#### EXTRACTED MATERIAL
===============

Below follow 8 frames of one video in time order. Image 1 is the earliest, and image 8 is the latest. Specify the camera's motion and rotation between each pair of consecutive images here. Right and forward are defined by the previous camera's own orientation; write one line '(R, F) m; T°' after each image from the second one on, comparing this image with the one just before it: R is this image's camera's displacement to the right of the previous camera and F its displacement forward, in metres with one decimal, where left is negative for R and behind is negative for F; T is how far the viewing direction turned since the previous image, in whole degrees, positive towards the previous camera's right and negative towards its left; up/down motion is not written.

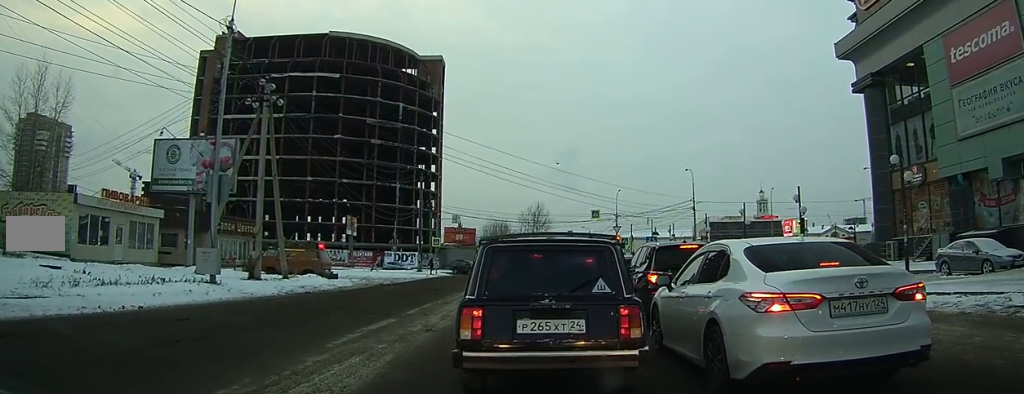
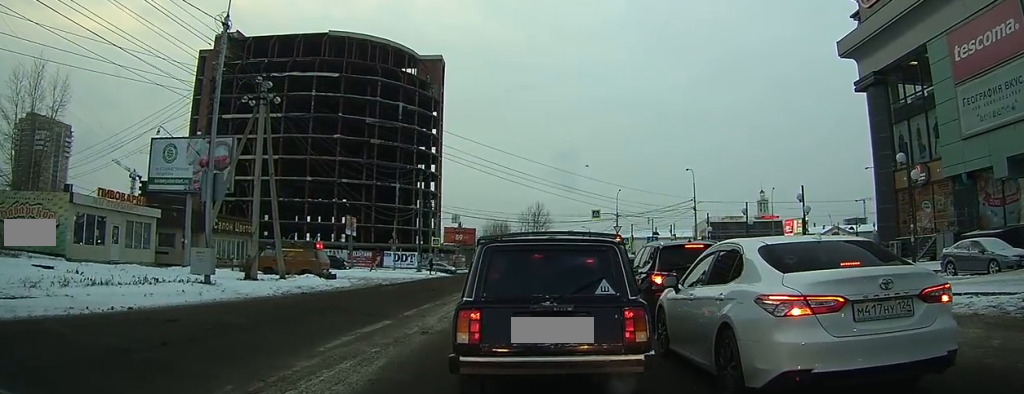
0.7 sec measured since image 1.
(-0.1, +0.7) m; 0°
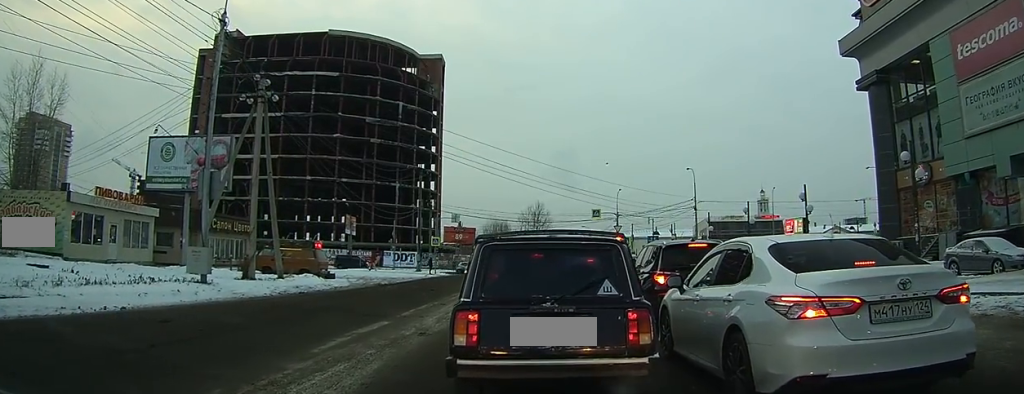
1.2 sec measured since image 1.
(0.0, +0.4) m; 0°
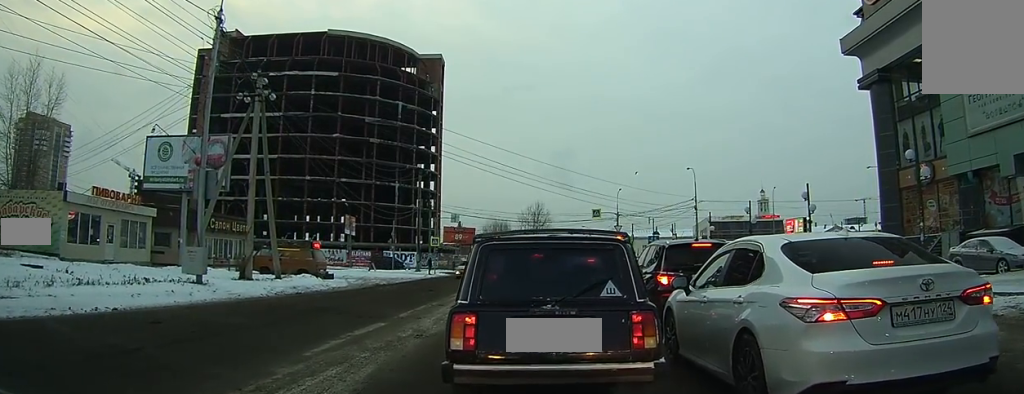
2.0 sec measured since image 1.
(+0.1, +0.8) m; 0°
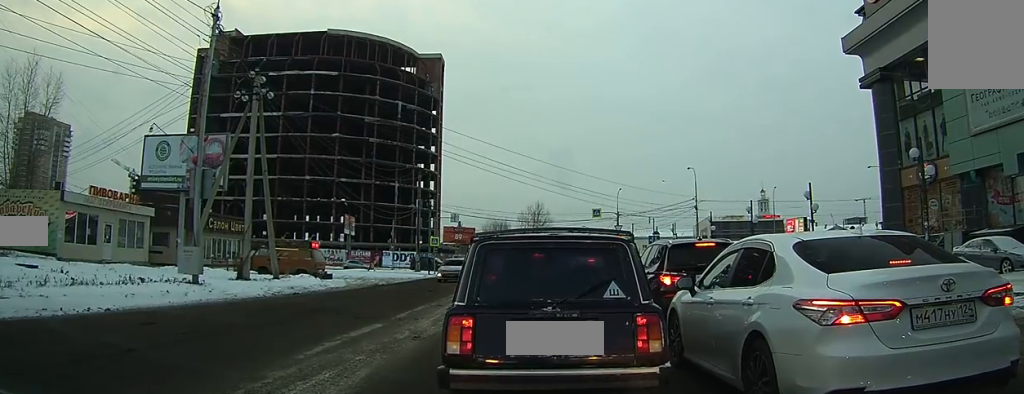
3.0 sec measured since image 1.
(0.0, +1.0) m; 0°
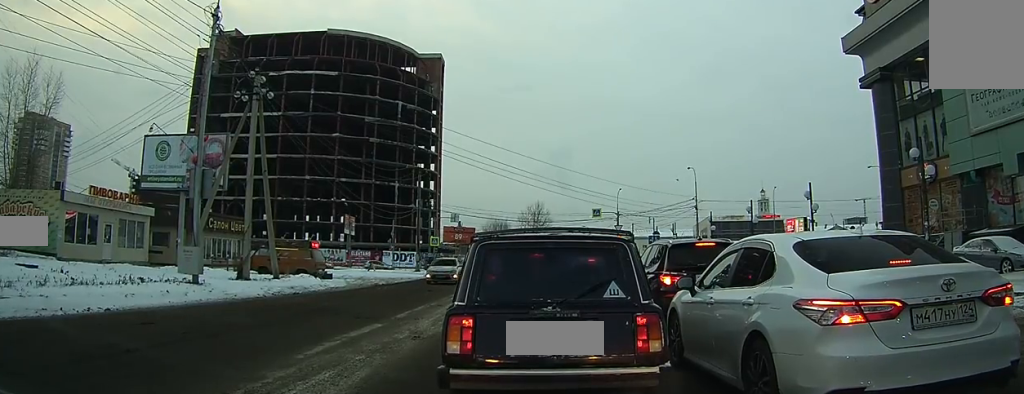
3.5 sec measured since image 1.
(0.0, +0.4) m; 0°
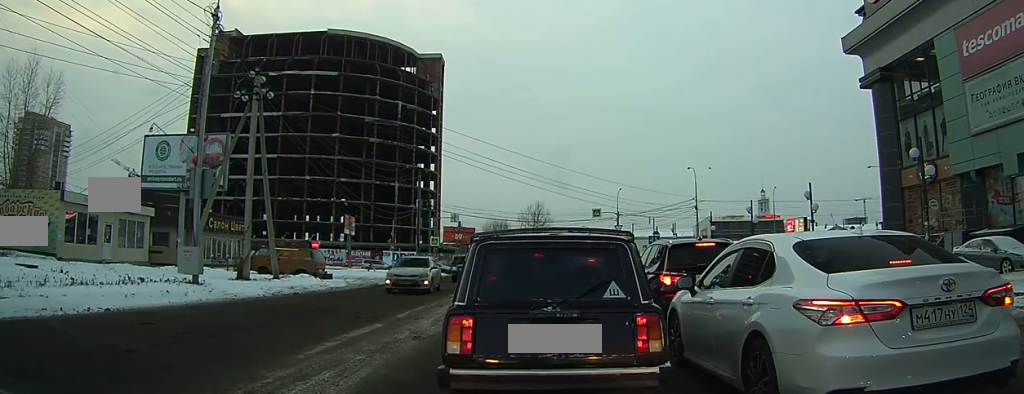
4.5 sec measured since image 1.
(-0.1, +0.9) m; 0°
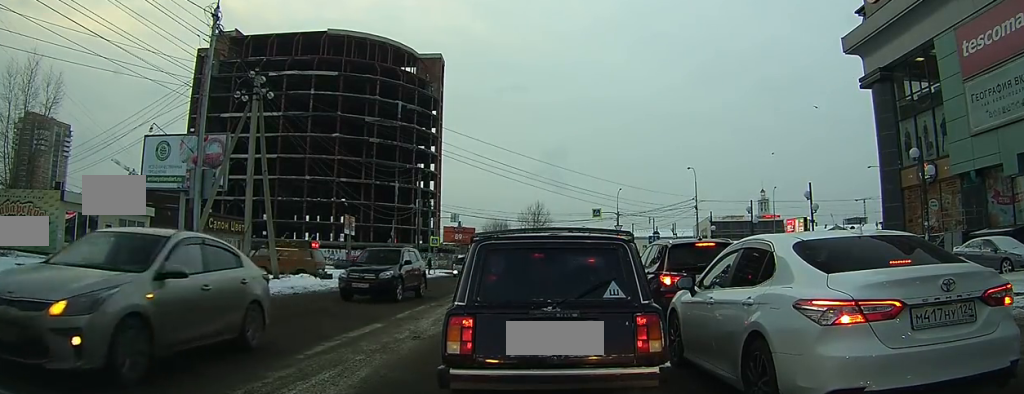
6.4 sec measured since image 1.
(-0.2, +1.6) m; 0°

===============

#### TASK INSTRUCTIONS
From the line containing "2.0 sec measured since image 1." through the final line of the records, write out each line exactly, and include no pictures.

#### TASK OUTPUT
2.0 sec measured since image 1.
(+0.1, +0.8) m; 0°
3.0 sec measured since image 1.
(0.0, +1.0) m; 0°
3.5 sec measured since image 1.
(0.0, +0.4) m; 0°
4.5 sec measured since image 1.
(-0.1, +0.9) m; 0°
6.4 sec measured since image 1.
(-0.2, +1.6) m; 0°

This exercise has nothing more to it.